I'm old enough to remember broadcast television.  One thing you should note is that without an external antenna, any picture would be at best low resolution.  Different stations have better or worse reception.  One work around,  for an apartment dweller, would be to take the TV on the roof.  You'd need an extension cord, of course. Or a small, yet heavy battery powered model.


----------



## Ralph Rotten (Feb 20, 2018)

Illegal aliens have cable TV in America.  When you call the cable company they don't ask if you are damp or not, just for your credit card number (which is often a pre-paid visa card).  Essentially they live here by hiding in plain sight.


----------



## Jack of all trades (Feb 21, 2018)

First, I think there's a couple cities named Pittsburgh in the US, so you should specify the state, too.

Second, Ralph is right that being illegally in the country wouldn't stop anyone from getting cable. Cost might, though.

Ten or more years ago there was the HD TV conversion, which makes "free" TV not so free. The signal needs to go through a converter box, which is a one time expense, not a monthly fee like cable. If reception is bad, then you may have nothing, instead of the snowy screen of pre-HD days.

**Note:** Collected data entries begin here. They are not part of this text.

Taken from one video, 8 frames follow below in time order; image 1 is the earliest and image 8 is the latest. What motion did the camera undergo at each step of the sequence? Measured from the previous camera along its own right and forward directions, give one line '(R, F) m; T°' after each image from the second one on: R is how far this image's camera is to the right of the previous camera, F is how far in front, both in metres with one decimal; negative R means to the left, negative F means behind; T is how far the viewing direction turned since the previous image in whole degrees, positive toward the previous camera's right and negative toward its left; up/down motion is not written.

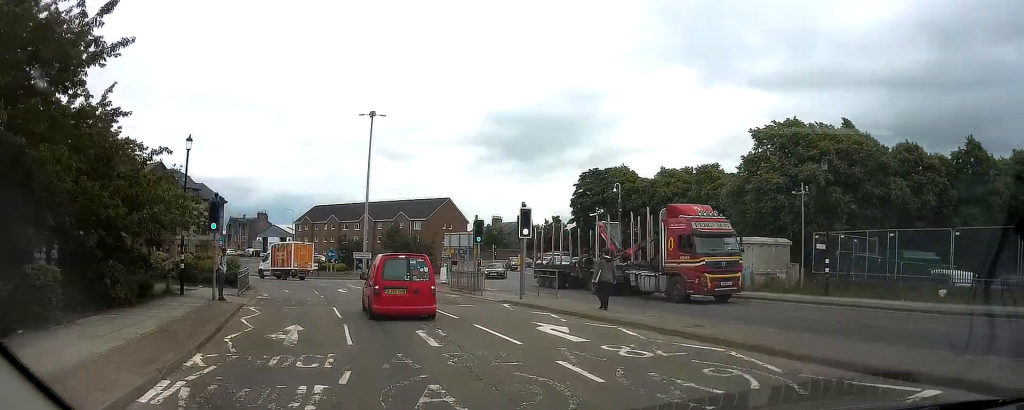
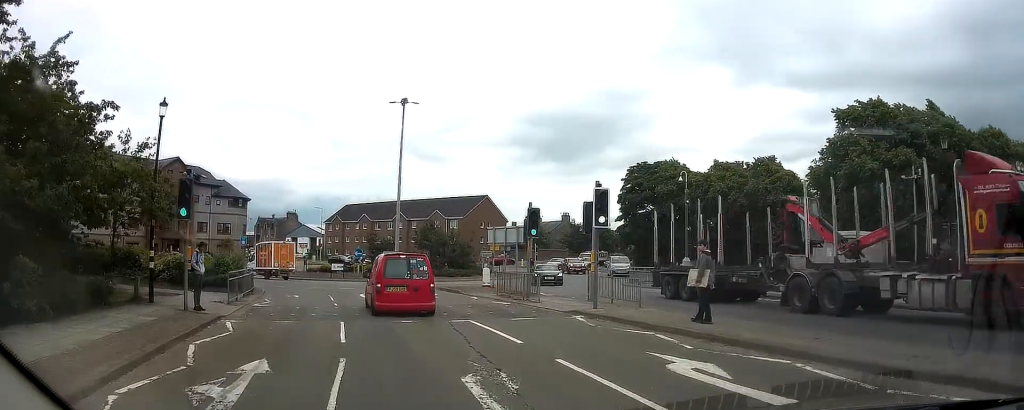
(-0.5, +5.7) m; -6°
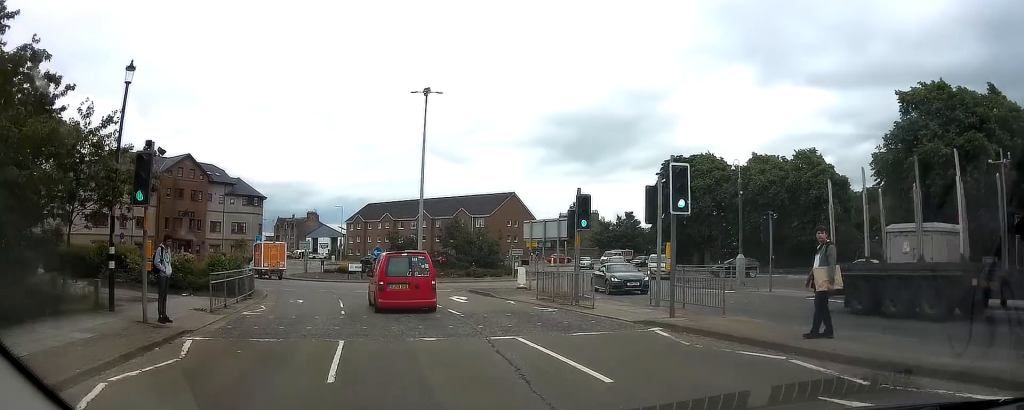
(-0.1, +3.8) m; 0°
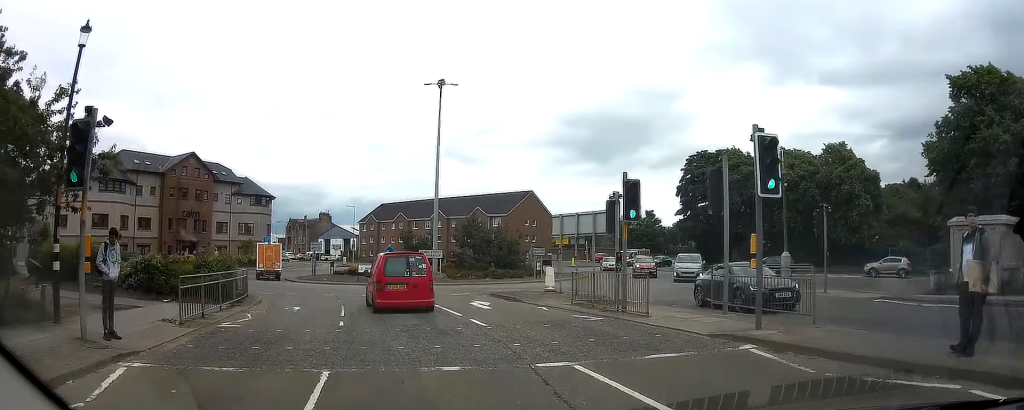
(-0.1, +3.2) m; 0°
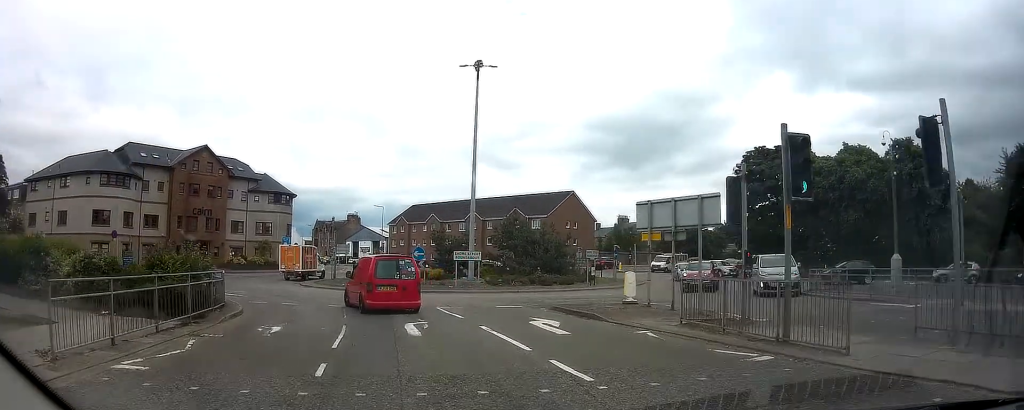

There's cable, satellite and now something I just saw the other day, which I can't recall the name, of course! Those are current options, besides internet.

Landlines are as expensive as cheap cell phone plans, but cell phones give you internet access.

If you're going to specify a particular city, do a little research and throw in some of the city's highlights, foods, culture, etc. Then you might get some press in that city, because you showed the city in a good light. [Unless you make the city look bad. In that case, deny your involvement if asked. (Just kidding.)]


----------



## Terry D (Feb 21, 2018)

nanabanana said:


> My main character is an illegal immigrant who lives in Pittsburgh, USA. I was wondering whether she could have access to  basic TV without any document. On Wikipedia I read that in order to watch over-the-air television (which is like, basic free television, right?) you only need an antenna and a tuner. So I guess she would be able to watch television, but I'm not 100% sure and preferred to ask those who live in America. She lives in a rented house, by the way, and does have electricy.



Yes. Any television sold in the last 10 years in the US has a tuner built into it capable of receiving over-the-air, local television broadcasts as long as it is equipped with an antenna. Those antennas can be anything from flat, indoor models that look like mouse-pads, to the traditional aluminum skeleton-looking things you might see sitting on roof-tops.


----------